Capstone Report

Aimie Faucett
07 October, 2016

Coursera Data Science Specialization
Capstone Project

Project Overview

The objective of the project is to create a corpus from a collection of twitter, news, and blog entries and use this corpus to build an algorithm that will predict the next word when someone is typing text. I decided to create my own algorithm to create the corpus rather than using a built-in R packages, because I wanted to get experience building an algorithm and see how it would perform.

Processing the data and creating the corpus:

  • Read in a 3% sample of all text in the news and blogs corpuses (larger samples took too long to load)
  • Twitter is excluded because tweets frequently don't use a normal sentence structure and there are many grammatically incorrect abbreviations (e.g. “u” rather than “you”)
  • With each entry, break into sentences by finding typical punctuation that would end a complete sentence (i.e. ?, ., !, ;)
  • Iterate through each sentence and:
    • Convert everything to lower case
    • Keep only alphabetical characters so that numbers and punctuation are removed
    • Count words in the sentence and only keep if there are more than one words in the sentence
    • Find swear words and replace them with “swearjar” to preserve the behavior of swearing in text
    • Collapse white spaces that are an artifact of removing numbers and punctuation, but preserve spaces between words

Predicting Text

Next, I used the do.call function to comb through all entries in the corpus and extract one-, two-, three-, and four-grams. The gram data frames were written to .csv files so they could be used in the Shiny App.

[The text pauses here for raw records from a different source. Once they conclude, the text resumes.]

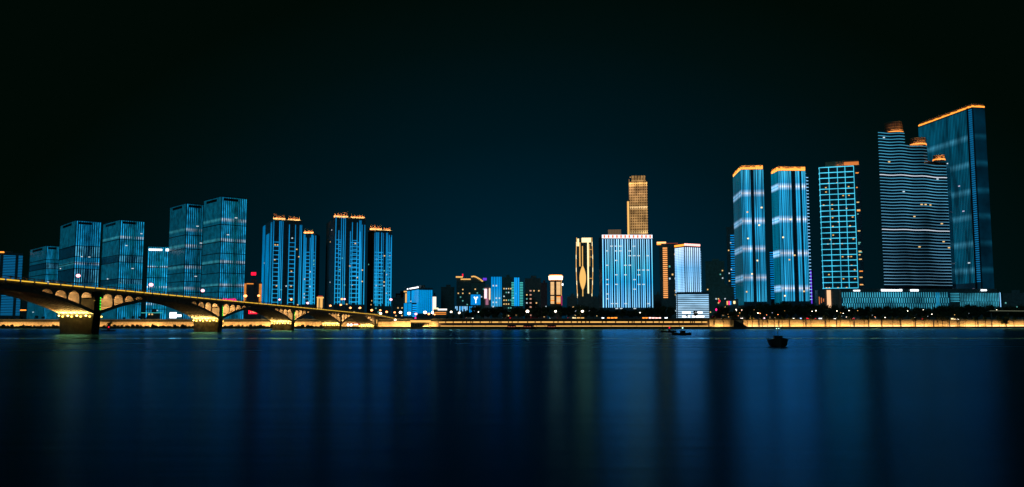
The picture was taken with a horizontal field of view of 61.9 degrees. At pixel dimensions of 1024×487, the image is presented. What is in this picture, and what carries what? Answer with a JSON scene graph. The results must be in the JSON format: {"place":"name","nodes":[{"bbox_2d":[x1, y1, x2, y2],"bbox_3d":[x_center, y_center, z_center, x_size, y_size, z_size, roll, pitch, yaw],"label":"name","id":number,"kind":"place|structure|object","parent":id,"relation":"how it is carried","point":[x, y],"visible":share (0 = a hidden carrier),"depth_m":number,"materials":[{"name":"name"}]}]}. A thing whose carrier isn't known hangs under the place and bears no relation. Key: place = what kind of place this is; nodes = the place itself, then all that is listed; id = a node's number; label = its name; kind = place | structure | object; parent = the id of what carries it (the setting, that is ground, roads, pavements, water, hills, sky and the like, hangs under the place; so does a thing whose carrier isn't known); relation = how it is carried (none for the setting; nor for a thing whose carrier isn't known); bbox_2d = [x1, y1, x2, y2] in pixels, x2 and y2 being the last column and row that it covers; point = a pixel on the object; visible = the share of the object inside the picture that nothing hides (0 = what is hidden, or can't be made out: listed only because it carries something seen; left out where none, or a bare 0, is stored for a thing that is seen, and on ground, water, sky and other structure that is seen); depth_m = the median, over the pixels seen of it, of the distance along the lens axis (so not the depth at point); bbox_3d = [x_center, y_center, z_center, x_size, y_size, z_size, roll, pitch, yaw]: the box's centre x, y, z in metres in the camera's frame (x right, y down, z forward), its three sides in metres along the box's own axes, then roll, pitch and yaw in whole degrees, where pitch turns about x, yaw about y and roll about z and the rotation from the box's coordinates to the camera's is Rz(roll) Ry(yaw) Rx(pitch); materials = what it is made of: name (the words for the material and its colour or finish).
{"place":"outdoors","nodes":[
{"label":"outdoors","id":0,"kind":"place"},
{"bbox_2d":[0,251,22,318],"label":"residential tower","id":1,"kind":"structure","parent":0,"point":[10,263],"depth_m":1135.73,"materials":[{"name":"blue glass"}]},
{"bbox_2d":[22,275,28,318],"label":"apartment block","id":2,"kind":"structure","parent":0,"point":[24,307],"depth_m":1098.72,"materials":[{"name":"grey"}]},
{"bbox_2d":[27,245,59,318],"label":"glass tower","id":3,"kind":"structure","parent":0,"point":[44,263],"depth_m":1040.46,"materials":[{"name":"blue glass"}]},
{"bbox_2d":[56,220,100,318],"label":"glass tower","id":4,"kind":"structure","parent":0,"point":[79,250],"depth_m":973.95,"materials":[{"name":"blue glass"}]},
{"bbox_2d":[100,219,144,318],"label":"glass tower","id":5,"kind":"structure","parent":0,"point":[122,253],"depth_m":952.53,"materials":[{"name":"blue glass"}]},
{"bbox_2d":[147,309,159,318],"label":"apartment block","id":6,"kind":"structure","parent":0,"point":[154,314],"depth_m":699.78,"materials":[{"name":"grey"}]},
{"bbox_2d":[145,246,168,318],"bbox_3d":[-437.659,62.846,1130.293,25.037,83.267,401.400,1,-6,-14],"label":"glass tower","id":7,"kind":"structure","parent":0,"point":[157,268],"depth_m":937.96,"materials":[{"name":"blue glass"}]},
{"bbox_2d":[166,203,203,318],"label":"glass tower","id":8,"kind":"structure","parent":0,"point":[185,238],"depth_m":916.80,"materials":[{"name":"blue glass"}]},
{"bbox_2d":[200,196,246,318],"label":"glass tower","id":9,"kind":"structure","parent":0,"point":[223,248],"depth_m":873.47,"materials":[{"name":"blue glass"}]},
{"bbox_2d":[261,214,301,318],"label":"residential tower","id":10,"kind":"structure","parent":0,"point":[281,257],"depth_m":828.90,"materials":[{"name":"blue"}]},
{"bbox_2d":[301,228,319,318],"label":"residential tower","id":11,"kind":"structure","parent":0,"point":[311,264],"depth_m":837.45,"materials":[{"name":"blue"}]},
{"bbox_2d":[325,211,365,318],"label":"residential tower","id":12,"kind":"structure","parent":0,"point":[345,258],"depth_m":807.71,"materials":[{"name":"blue"}]},
{"bbox_2d":[367,224,391,317],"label":"residential tower","id":13,"kind":"structure","parent":0,"point":[379,268],"depth_m":820.38,"materials":[{"name":"blue"}]},
{"bbox_2d":[392,295,403,318],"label":"apartment block","id":14,"kind":"structure","parent":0,"point":[397,304],"depth_m":798.66,"materials":[{"name":"grey"}]},
{"bbox_2d":[404,303,416,318],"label":"annex building","id":15,"kind":"structure","parent":0,"point":[410,308],"depth_m":648.40,"materials":[{"name":"blue"}]},
{"bbox_2d":[407,285,432,318],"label":"hotel building","id":16,"kind":"structure","parent":0,"point":[420,296],"depth_m":681.07,"materials":[{"name":"blue"}]},
{"bbox_2d":[432,292,435,318],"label":"slatted building","id":17,"kind":"structure","parent":0,"point":[434,302],"depth_m":688.28,"materials":[{"name":"white"}]},
{"bbox_2d":[433,308,447,318],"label":"hall","id":18,"kind":"structure","parent":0,"point":[440,313],"depth_m":638.18,"materials":[{"name":"orange"}]},
{"bbox_2d":[441,285,454,318],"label":"apartment block","id":19,"kind":"structure","parent":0,"point":[447,297],"depth_m":898.96,"materials":[{"name":"grey"}]},
{"bbox_2d":[456,274,470,305],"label":"apartment block","id":20,"kind":"structure","parent":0,"point":[463,292],"depth_m":819.64,"materials":[{"name":"grey"}]},
{"bbox_2d":[471,276,486,318],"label":"apartment block","id":21,"kind":"structure","parent":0,"point":[477,285],"depth_m":811.79,"materials":[{"name":"grey"}]},
{"bbox_2d":[484,284,489,318],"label":"apartment block","id":22,"kind":"structure","parent":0,"point":[487,296],"depth_m":758.59,"materials":[{"name":"grey"}]},
{"bbox_2d":[491,277,501,318],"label":"apartment block","id":23,"kind":"structure","parent":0,"point":[496,292],"depth_m":738.92,"materials":[{"name":"blue"}]},
{"bbox_2d":[502,275,512,318],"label":"apartment block","id":24,"kind":"structure","parent":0,"point":[507,280],"depth_m":799.27,"materials":[{"name":"grey"}]},
{"bbox_2d":[0,328,1023,486],"bbox_3d":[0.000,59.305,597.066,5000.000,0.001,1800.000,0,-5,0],"label":"river water","id":25,"kind":"structure","parent":0,"point":[922,407],"depth_m":22.61,"materials":[{"name":"blue liquid"}]},
{"bbox_2d":[0,275,399,333],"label":"arch bridge","id":26,"kind":"structure","parent":25,"relation":"in","point":[78,309],"depth_m":236.34,"materials":[{"name":"concrete"}]},
{"bbox_2d":[505,325,519,328],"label":"moored boat","id":27,"kind":"object","parent":25,"relation":"on","point":[511,327],"visible":0.82,"depth_m":462.69,"materials":[{"name":"paint"}]},
{"bbox_2d":[521,325,535,328],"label":"moored boat","id":28,"kind":"object","parent":25,"relation":"on","point":[527,327],"visible":0.79,"depth_m":462.70,"materials":[{"name":"paint"}]},
{"bbox_2d":[545,325,559,328],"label":"moored boat","id":29,"kind":"object","parent":25,"relation":"on","point":[551,327],"visible":0.87,"depth_m":462.71,"materials":[{"name":"paint"}]},
{"bbox_2d":[672,327,690,334],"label":"boat","id":30,"kind":"object","parent":25,"relation":"on","point":[682,332],"visible":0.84,"depth_m":188.76,"materials":[{"name":"paint"}]},
{"bbox_2d":[767,328,787,346],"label":"boat","id":31,"kind":"object","parent":25,"relation":"on","point":[778,341],"visible":0.92,"depth_m":85.90,"materials":[{"name":"paint"}]},
{"bbox_2d":[0,326,1023,328],"bbox_3d":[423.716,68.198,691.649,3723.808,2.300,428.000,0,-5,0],"label":"embankment","id":32,"kind":"structure","parent":0,"point":[884,327],"depth_m":524.33,"materials":[{"name":"brown concrete"}]},
{"bbox_2d":[0,319,391,326],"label":"river wall","id":33,"kind":"structure","parent":32,"relation":"on","point":[189,322],"depth_m":545.02,"materials":[{"name":"stone"}]},
{"bbox_2d":[392,319,437,326],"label":"river wall","id":34,"kind":"structure","parent":32,"relation":"on","point":[406,323],"depth_m":518.14,"materials":[{"name":"stone"}]},
{"bbox_2d":[410,320,430,326],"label":"landing pavilion","id":35,"kind":"structure","parent":32,"relation":"on","point":[420,323],"depth_m":511.15,"materials":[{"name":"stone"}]},
{"bbox_2d":[438,318,708,326],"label":"river wall","id":36,"kind":"structure","parent":32,"relation":"on","point":[619,322],"depth_m":488.21,"materials":[{"name":"brown stone"}]},
{"bbox_2d":[731,320,746,326],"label":"river stairs","id":37,"kind":"structure","parent":32,"relation":"on","point":[734,323],"depth_m":492.06,"materials":[{"name":"brown concrete"}]},
{"bbox_2d":[709,318,1023,326],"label":"river wall","id":38,"kind":"structure","parent":32,"relation":"on","point":[832,322],"depth_m":544.78,"materials":[{"name":"stone"}]},
{"bbox_2d":[0,0,1023,318],"label":"sky","id":39,"kind":"structure","parent":0,"point":[489,137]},
{"bbox_2d":[511,278,522,317],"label":"apartment block","id":40,"kind":"structure","parent":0,"point":[516,292],"depth_m":728.88,"materials":[{"name":"blue"}]},
{"bbox_2d":[525,276,540,317],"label":"apartment block","id":41,"kind":"structure","parent":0,"point":[532,292],"depth_m":758.99,"materials":[{"name":"grey"}]},
{"bbox_2d":[541,280,546,317],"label":"apartment block","id":42,"kind":"structure","parent":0,"point":[543,293],"depth_m":898.71,"materials":[{"name":"grey"}]},
{"bbox_2d":[549,275,562,317],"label":"crowned tower","id":43,"kind":"structure","parent":0,"point":[556,284],"depth_m":699.04,"materials":[{"name":"brown stone"}]},
{"bbox_2d":[567,294,576,317],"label":"apartment block","id":44,"kind":"structure","parent":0,"point":[572,300],"depth_m":758.19,"materials":[{"name":"grey"}]},
{"bbox_2d":[576,238,592,295],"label":"golden tower","id":45,"kind":"structure","parent":0,"point":[584,264],"depth_m":900.99,"materials":[{"name":"gold"}]},
{"bbox_2d":[577,293,595,317],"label":"apartment block","id":46,"kind":"structure","parent":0,"point":[588,299],"depth_m":737.81,"materials":[{"name":"grey"}]},
{"bbox_2d":[596,295,598,317],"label":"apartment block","id":47,"kind":"structure","parent":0,"point":[597,302],"depth_m":798.07,"materials":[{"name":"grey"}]},
{"bbox_2d":[608,229,620,234],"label":"office tower","id":48,"kind":"structure","parent":0,"point":[614,232],"depth_m":984.49,"materials":[{"name":"brown glass"}]},
{"bbox_2d":[599,235,652,317],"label":"striped tower","id":49,"kind":"structure","parent":0,"point":[625,273],"depth_m":641.08,"materials":[{"name":"blue glass"}]},
{"bbox_2d":[627,175,647,234],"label":"skyscraper","id":50,"kind":"structure","parent":0,"point":[637,212],"depth_m":1157.85,"materials":[{"name":"brown metal"}]},
{"bbox_2d":[654,292,661,317],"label":"apartment block","id":51,"kind":"structure","parent":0,"point":[657,300],"depth_m":718.10,"materials":[{"name":"grey"}]},
{"bbox_2d":[657,242,677,317],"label":"office tower","id":52,"kind":"structure","parent":0,"point":[667,270],"depth_m":759.49,"materials":[{"name":"brown"}]},
{"bbox_2d":[674,243,701,317],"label":"striped tower","id":53,"kind":"structure","parent":0,"point":[688,268],"depth_m":586.27,"materials":[{"name":"blue glass"}]},
{"bbox_2d":[705,259,724,317],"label":"apartment block","id":54,"kind":"structure","parent":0,"point":[714,273],"depth_m":818.76,"materials":[{"name":"grey"}]},
{"bbox_2d":[711,284,733,317],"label":"apartment block","id":55,"kind":"structure","parent":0,"point":[722,292],"depth_m":757.20,"materials":[{"name":"grey"}]},
{"bbox_2d":[726,225,735,298],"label":"apartment block","id":56,"kind":"structure","parent":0,"point":[730,257],"depth_m":801.42,"materials":[{"name":"blue"}]},
{"bbox_2d":[725,296,738,318],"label":"apartment block","id":57,"kind":"structure","parent":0,"point":[732,302],"depth_m":697.08,"materials":[{"name":"grey"}]},
{"bbox_2d":[733,165,766,318],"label":"banded tower","id":58,"kind":"structure","parent":0,"point":[749,237],"depth_m":694.39,"materials":[{"name":"blue glass"}]},
{"bbox_2d":[769,249,774,318],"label":"apartment block","id":59,"kind":"structure","parent":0,"point":[772,276],"depth_m":800.14,"materials":[{"name":"blue glass"}]},
{"bbox_2d":[771,166,811,318],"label":"banded tower","id":60,"kind":"structure","parent":0,"point":[791,259],"depth_m":684.74,"materials":[{"name":"blue glass"}]},
{"bbox_2d":[818,160,864,288],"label":"grid tower","id":61,"kind":"structure","parent":0,"point":[842,260],"depth_m":699.83,"materials":[{"name":"teal glass"}]},
{"bbox_2d":[878,121,955,288],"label":"curved tower","id":62,"kind":"structure","parent":0,"point":[917,220],"depth_m":730.95,"materials":[{"name":"blue glass"}]},
{"bbox_2d":[918,103,993,288],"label":"skyscraper","id":63,"kind":"structure","parent":0,"point":[956,138],"depth_m":818.75,"materials":[{"name":"blue glass"}]},
{"bbox_2d":[1002,290,1023,319],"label":"apartment block","id":64,"kind":"structure","parent":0,"point":[1014,298],"depth_m":754.68,"materials":[{"name":"grey"}]},
{"bbox_3d":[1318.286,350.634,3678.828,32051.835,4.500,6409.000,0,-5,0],"label":"ground","id":65,"kind":"structure","parent":0,"visible":0},
{"bbox_2d":[243,279,261,318],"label":"office block","id":66,"kind":"structure","parent":65,"relation":"on","point":[252,286],"depth_m":761.08,"materials":[{"name":"grey"}]},
{"bbox_2d":[403,287,406,318],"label":"stair tower","id":67,"kind":"structure","parent":65,"relation":"on","point":[405,295],"depth_m":698.90,"materials":[{"name":"orange"}]},
{"bbox_2d":[455,306,475,318],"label":"apartment block","id":68,"kind":"structure","parent":65,"relation":"on","point":[461,309],"depth_m":634.35,"materials":[{"name":"grey"}]},
{"bbox_2d":[471,295,479,311],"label":"screen cube","id":69,"kind":"object","parent":65,"relation":"on","point":[475,299],"visible":0.72,"depth_m":635.84,"materials":[{"name":"blue"}]},
{"bbox_2d":[470,305,480,317],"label":"tree","id":70,"kind":"object","parent":65,"relation":"on","point":[475,309],"visible":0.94,"depth_m":534.31,"materials":[{"name":"black plant"}]},
{"bbox_2d":[484,307,494,314],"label":"tree","id":71,"kind":"object","parent":65,"relation":"on","point":[491,310],"visible":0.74,"depth_m":528.83,"materials":[{"name":"black plant"}]},
{"bbox_2d":[496,306,508,314],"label":"tree","id":72,"kind":"object","parent":65,"relation":"on","point":[500,310],"visible":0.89,"depth_m":523.59,"materials":[{"name":"black plant"}]},
{"bbox_2d":[541,305,549,315],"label":"tree","id":73,"kind":"object","parent":65,"relation":"on","point":[546,309],"visible":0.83,"depth_m":521.50,"materials":[{"name":"black plant"}]},
{"bbox_2d":[555,305,565,313],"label":"tree","id":74,"kind":"object","parent":65,"relation":"on","point":[558,308],"visible":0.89,"depth_m":513.90,"materials":[{"name":"black plant"}]},
{"bbox_2d":[566,305,575,314],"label":"tree","id":75,"kind":"object","parent":65,"relation":"on","point":[569,308],"visible":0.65,"depth_m":523.69,"materials":[{"name":"black plant"}]},
{"bbox_2d":[574,304,583,314],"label":"tree","id":76,"kind":"object","parent":65,"relation":"on","point":[579,308],"visible":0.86,"depth_m":514.32,"materials":[{"name":"black plant"}]},
{"bbox_2d":[618,308,626,315],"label":"tree","id":77,"kind":"object","parent":65,"relation":"on","point":[622,311],"visible":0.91,"depth_m":514.16,"materials":[{"name":"black plant"}]},
{"bbox_2d":[643,306,654,315],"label":"tree","id":78,"kind":"object","parent":65,"relation":"on","point":[650,310],"visible":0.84,"depth_m":514.42,"materials":[{"name":"black plant"}]},
{"bbox_2d":[666,306,676,317],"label":"tree","id":79,"kind":"object","parent":65,"relation":"on","point":[670,309],"visible":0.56,"depth_m":518.40,"materials":[{"name":"black plant"}]},
{"bbox_2d":[676,292,709,318],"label":"striped podium","id":80,"kind":"object","parent":65,"relation":"on","point":[688,303],"visible":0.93,"depth_m":556.35,"materials":[{"name":"blue glass"}]},
{"bbox_2d":[715,305,723,317],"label":"tree","id":81,"kind":"object","parent":65,"relation":"on","point":[719,309],"visible":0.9,"depth_m":523.86,"materials":[{"name":"black plant"}]},
{"bbox_2d":[722,306,731,314],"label":"tree","id":82,"kind":"object","parent":65,"relation":"on","point":[726,309],"visible":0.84,"depth_m":520.53,"materials":[{"name":"black plant"}]},
{"bbox_2d":[737,306,747,315],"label":"tree","id":83,"kind":"object","parent":65,"relation":"on","point":[744,308],"visible":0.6,"depth_m":529.02,"materials":[{"name":"black plant"}]},
{"bbox_2d":[751,304,764,318],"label":"tree","id":84,"kind":"object","parent":65,"relation":"on","point":[759,307],"visible":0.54,"depth_m":536.23,"materials":[{"name":"black plant"}]},
{"bbox_2d":[764,309,773,315],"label":"tree","id":85,"kind":"object","parent":65,"relation":"on","point":[768,313],"visible":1,"depth_m":528.51,"materials":[{"name":"black plant"}]},
{"bbox_2d":[776,301,791,313],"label":"tree","id":86,"kind":"object","parent":65,"relation":"on","point":[786,306],"visible":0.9,"depth_m":542.02,"materials":[{"name":"black plant"}]},
{"bbox_2d":[794,304,802,313],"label":"tree","id":87,"kind":"object","parent":65,"relation":"on","point":[797,307],"visible":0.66,"depth_m":553.48,"materials":[{"name":"black plant"}]},
{"bbox_2d":[810,271,813,318],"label":"light shaft","id":88,"kind":"object","parent":65,"relation":"on","point":[811,287],"visible":0.66,"depth_m":759.12,"materials":[{"name":"blue"}]},
{"bbox_2d":[809,303,817,314],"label":"tree","id":89,"kind":"object","parent":65,"relation":"on","point":[813,309],"visible":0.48,"depth_m":564.28,"materials":[{"name":"black plant"}]},
{"bbox_2d":[817,286,823,318],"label":"apartment block","id":90,"kind":"structure","parent":65,"relation":"on","point":[820,295],"depth_m":658.26,"materials":[{"name":"grey"}]},
{"bbox_2d":[818,303,829,318],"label":"tree","id":91,"kind":"object","parent":65,"relation":"on","point":[823,307],"visible":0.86,"depth_m":558.89,"materials":[{"name":"black plant"}]},
{"bbox_2d":[815,289,838,318],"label":"corner pavilion","id":92,"kind":"structure","parent":65,"relation":"on","point":[831,296],"depth_m":654.18,"materials":[{"name":"grey concrete"}]},
{"bbox_2d":[826,304,841,315],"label":"tree","id":93,"kind":"object","parent":65,"relation":"on","point":[834,308],"visible":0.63,"depth_m":569.15,"materials":[{"name":"black plant"}]},
{"bbox_2d":[862,305,870,316],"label":"tree","id":94,"kind":"object","parent":65,"relation":"on","point":[866,308],"visible":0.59,"depth_m":586.07,"materials":[{"name":"black plant"}]},
{"bbox_2d":[872,306,881,318],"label":"tree","id":95,"kind":"object","parent":65,"relation":"on","point":[875,309],"visible":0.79,"depth_m":584.11,"materials":[{"name":"black plant"}]},
{"bbox_2d":[882,306,893,317],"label":"tree","id":96,"kind":"object","parent":65,"relation":"on","point":[887,309],"visible":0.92,"depth_m":586.53,"materials":[{"name":"black plant"}]},
{"bbox_2d":[838,289,959,319],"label":"shopping podium","id":97,"kind":"object","parent":65,"relation":"on","point":[911,299],"visible":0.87,"depth_m":649.55,"materials":[{"name":"teal glass"}]},
{"bbox_2d":[897,306,907,313],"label":"tree","id":98,"kind":"object","parent":65,"relation":"on","point":[900,308],"visible":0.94,"depth_m":592.59,"materials":[{"name":"black plant"}]},
{"bbox_2d":[918,308,930,315],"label":"tree","id":99,"kind":"object","parent":65,"relation":"on","point":[924,311],"visible":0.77,"depth_m":600.90,"materials":[{"name":"black plant"}]},
{"bbox_2d":[931,305,942,315],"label":"tree","id":100,"kind":"object","parent":65,"relation":"on","point":[938,309],"visible":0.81,"depth_m":609.43,"materials":[{"name":"black plant"}]},
{"bbox_2d":[945,304,956,315],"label":"tree","id":101,"kind":"object","parent":65,"relation":"on","point":[950,308],"visible":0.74,"depth_m":612.17,"materials":[{"name":"black plant"}]},
{"bbox_2d":[954,305,965,315],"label":"tree","id":102,"kind":"object","parent":65,"relation":"on","point":[959,307],"visible":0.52,"depth_m":626.22,"materials":[{"name":"black plant"}]},
{"bbox_2d":[960,304,971,315],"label":"tree","id":103,"kind":"object","parent":65,"relation":"on","point":[966,307],"visible":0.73,"depth_m":627.26,"materials":[{"name":"black plant"}]},
{"bbox_2d":[968,305,978,319],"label":"tree","id":104,"kind":"object","parent":65,"relation":"on","point":[974,309],"visible":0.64,"depth_m":627.53,"materials":[{"name":"black plant"}]},
{"bbox_2d":[958,289,1000,319],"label":"shopping podium","id":105,"kind":"object","parent":65,"relation":"on","point":[981,297],"visible":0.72,"depth_m":664.11,"materials":[{"name":"teal glass"}]},
{"bbox_2d":[977,305,990,314],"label":"tree","id":106,"kind":"object","parent":65,"relation":"on","point":[987,308],"visible":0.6,"depth_m":626.38,"materials":[{"name":"black plant"}]},
{"bbox_2d":[981,310,990,316],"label":"tree","id":107,"kind":"object","parent":65,"relation":"on","point":[985,313],"visible":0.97,"depth_m":617.95,"materials":[{"name":"black plant"}]},
{"bbox_2d":[1002,307,1013,314],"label":"tree","id":108,"kind":"object","parent":65,"relation":"on","point":[1006,309],"visible":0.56,"depth_m":632.85,"materials":[{"name":"black plant"}]},
{"label":"riverside road","id":109,"kind":"structure","parent":0,"visible":0},
{"bbox_2d":[317,296,323,308],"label":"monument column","id":110,"kind":"structure","parent":109,"relation":"on","point":[321,301],"depth_m":538.02,"materials":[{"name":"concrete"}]},
{"bbox_2d":[987,310,1023,319],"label":"footbridge","id":111,"kind":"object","parent":109,"relation":"on","point":[991,311],"visible":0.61,"depth_m":620.14,"materials":[{"name":"grey concrete"}]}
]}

  X.1    X           Combo Record    leadGram gram
1   1 6174  the end of the    124  the end of  the
2   2 7313 the rest of the    120 the rest of  the

To predict the text, I wrote a function that takes in a user-entered character string and does the following:

  • Removes punction, numbers, punctuations, and replaces swear words with “swearjar” to match the swear pattern in the corpus
  • Searches for a match with the highest gram data available for the length of text inputed
  • If the largest gram does not return a match, it will recursively check smaller grams for a match
  • If no match can be found in any gram, the funciton will return a random word… I chose random words that I thought were funny and mixed in the top 100 most common words from the corpus
 [1] "homeboy"      "taco"         "snaggletooth" "sombrero"    
 [5] "blankie"      "kittens"      "tequila"      "moose"       
 [9] "spongebob"    "fireball"    

Shiny App

The app is hosted at: https://bioaimie.shinyapps.io/capApp/

It utilizes custom CSS for styling and loads data from the one-, two-, three-, and four-gram csv files. The gram files had to be trimmed to work within the confines of upload sizes on shinyapps.io. To do this, I kept all grams occurring with a frequency > 1 and then randomly selected 1000 other grams to keep for each data set.

The app asks the user to input some text and press the submit button. Once it is submitted, the app will display the text appended with the predicted word in a window below the button. It will also generate a word cloud of possible matches. The sizes of the words in the word cloud are relative to their frequency within the corpus.

plot of chunk unnamed-chunk-3

Conclusions and Further Work

I was fairly disappointed with my own algorithm's ability to predict text. Additionally, since my algorithm randomly selects a guess for the predicted word if there isn't a match in the corpus, the function to produce the random word will produce the next word, but those words will not match in the word cloud. This was very frustrating, but I was unable to figure out a way around this with a reactive function.

In the future I would:

  • Utilizes packages existing in R
  • Use sparklyr or sparkR packages to process big data with Spark and do preliminary cleaning
  • Store output from data processing in a more big-data friendly format, such as parquet so that more of the corpus could be utilized by the app
  • Work on more customization of the app styling using CSS or custom JS to improve user experience

Overall, I enjoyed the project, and I learned a lot by writing my own processing and predicitive algorithm; however, I think my app's ability to correctly predict was sub-par.